You know where else you can find letter-perfect predictions of the president's current behavior? Self-help books dedicated to helping people break up with the rotten narcissists in their lives. Seriously. I started burrowing into them in the last few days, more on a daffy hunch than anything else, and it turned out I could basically open any page — and I mean any page — and find something relevant to the president's current behavior: That narcissists lurch between the role of victim and tormentor; that they are minor Shivas, destroyers of worlds; that they howl on and on about betrayal.

But it was this common thread that stood out: Pathological narcissists make a point of saying that their former partners would have been — and will be once again — nothing without them.

It rhymed with something a White House official recently said Trump was spewing about Pence: "All day, it was a theme of, 'I made this guy, I saved him from a political death, and here he stabbed me in the back.'"

I do not by any means wish to suggest that Trump's disordered personality is the key to understanding his presidency. It is, in some ways, almost tedious, exactly what makes him boring and uncomplicated, as shallow as a spoon.

But I also think it's impossible to understand Trump's behavior without looking at him through the prism of his pathologies, which at this moment are threatening lives.

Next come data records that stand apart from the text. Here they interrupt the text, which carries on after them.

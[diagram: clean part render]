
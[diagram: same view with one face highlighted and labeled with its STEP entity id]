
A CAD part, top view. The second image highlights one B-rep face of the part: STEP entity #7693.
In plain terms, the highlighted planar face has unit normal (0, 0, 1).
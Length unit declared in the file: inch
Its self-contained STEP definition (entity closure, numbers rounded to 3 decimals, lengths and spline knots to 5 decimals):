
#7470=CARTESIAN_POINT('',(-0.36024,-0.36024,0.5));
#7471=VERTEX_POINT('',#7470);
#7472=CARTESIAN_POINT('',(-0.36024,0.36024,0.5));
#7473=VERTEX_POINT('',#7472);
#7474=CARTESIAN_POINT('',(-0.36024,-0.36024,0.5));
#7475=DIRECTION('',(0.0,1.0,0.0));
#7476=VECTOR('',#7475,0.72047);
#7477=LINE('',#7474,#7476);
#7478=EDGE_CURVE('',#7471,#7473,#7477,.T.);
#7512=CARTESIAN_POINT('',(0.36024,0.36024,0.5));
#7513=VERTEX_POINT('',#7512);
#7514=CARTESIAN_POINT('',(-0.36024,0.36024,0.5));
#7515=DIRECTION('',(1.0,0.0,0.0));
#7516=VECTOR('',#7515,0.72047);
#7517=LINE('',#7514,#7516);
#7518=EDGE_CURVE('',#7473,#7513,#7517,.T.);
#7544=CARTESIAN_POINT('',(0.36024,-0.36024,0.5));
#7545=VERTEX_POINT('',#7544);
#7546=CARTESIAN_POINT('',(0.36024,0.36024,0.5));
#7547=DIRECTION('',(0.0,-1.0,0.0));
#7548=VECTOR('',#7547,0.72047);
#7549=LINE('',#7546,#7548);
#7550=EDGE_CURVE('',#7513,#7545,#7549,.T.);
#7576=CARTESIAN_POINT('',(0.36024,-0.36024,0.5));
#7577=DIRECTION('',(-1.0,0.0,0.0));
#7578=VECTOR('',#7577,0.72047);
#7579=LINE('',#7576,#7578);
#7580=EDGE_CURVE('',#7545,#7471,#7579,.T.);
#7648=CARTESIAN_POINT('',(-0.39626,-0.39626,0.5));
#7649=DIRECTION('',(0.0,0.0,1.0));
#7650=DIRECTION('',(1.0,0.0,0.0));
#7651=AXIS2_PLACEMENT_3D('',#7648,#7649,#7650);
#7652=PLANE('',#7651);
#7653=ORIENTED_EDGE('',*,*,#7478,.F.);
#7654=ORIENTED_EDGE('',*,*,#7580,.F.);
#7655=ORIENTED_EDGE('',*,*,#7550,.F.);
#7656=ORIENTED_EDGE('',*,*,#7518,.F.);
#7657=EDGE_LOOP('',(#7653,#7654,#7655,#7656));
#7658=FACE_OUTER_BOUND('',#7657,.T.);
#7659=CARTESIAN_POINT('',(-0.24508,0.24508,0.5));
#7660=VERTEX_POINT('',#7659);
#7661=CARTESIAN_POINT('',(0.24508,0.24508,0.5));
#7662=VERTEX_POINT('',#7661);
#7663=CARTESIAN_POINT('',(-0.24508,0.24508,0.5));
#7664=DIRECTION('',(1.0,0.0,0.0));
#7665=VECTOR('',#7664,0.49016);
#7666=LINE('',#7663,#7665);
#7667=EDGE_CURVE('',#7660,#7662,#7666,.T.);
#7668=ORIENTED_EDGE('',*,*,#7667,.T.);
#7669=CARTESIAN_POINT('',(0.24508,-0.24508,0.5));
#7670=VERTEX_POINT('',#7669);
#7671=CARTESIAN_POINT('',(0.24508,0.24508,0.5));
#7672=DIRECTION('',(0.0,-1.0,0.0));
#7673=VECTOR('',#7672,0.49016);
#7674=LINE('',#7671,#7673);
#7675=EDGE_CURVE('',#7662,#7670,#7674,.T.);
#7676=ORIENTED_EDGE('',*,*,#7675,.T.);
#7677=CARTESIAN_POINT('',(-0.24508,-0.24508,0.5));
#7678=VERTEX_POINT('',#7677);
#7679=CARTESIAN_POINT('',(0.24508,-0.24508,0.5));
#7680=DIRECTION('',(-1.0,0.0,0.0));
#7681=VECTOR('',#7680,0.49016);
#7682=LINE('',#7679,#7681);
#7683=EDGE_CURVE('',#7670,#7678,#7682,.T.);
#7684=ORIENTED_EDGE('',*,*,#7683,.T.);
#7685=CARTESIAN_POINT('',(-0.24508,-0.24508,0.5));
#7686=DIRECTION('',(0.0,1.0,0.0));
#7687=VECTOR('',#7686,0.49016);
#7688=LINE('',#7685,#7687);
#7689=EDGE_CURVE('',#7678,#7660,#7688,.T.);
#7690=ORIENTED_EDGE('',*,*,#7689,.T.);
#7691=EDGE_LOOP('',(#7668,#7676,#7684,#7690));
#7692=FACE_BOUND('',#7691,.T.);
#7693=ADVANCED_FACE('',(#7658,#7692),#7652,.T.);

He may have made a robotic statement Thursday that condemned Wednesday's violence and implicitly conceded the election. It's too late. Trump remains a domestic security risk, and he's made us a target for our enemies. They know that a fragile, unbalanced man is at the helm, his nerves as combustible as dry leaves. He's desperate, and he's angry, and he's baitable. It makes us unsafe. We need to get him out.

You needn't be a particularly astute observer of the Trump presidency to understand that his incendiary, hateful policies and rhetoric and mirthful disregard for the law would one day end in violence. But you needn't be a particularly astute observer of character, either, to see that a man who feels no empathy, exploits ruthlessly, lies reflexively, seeks success at any cost and lives in terror of seeing it vanish would never go quietly.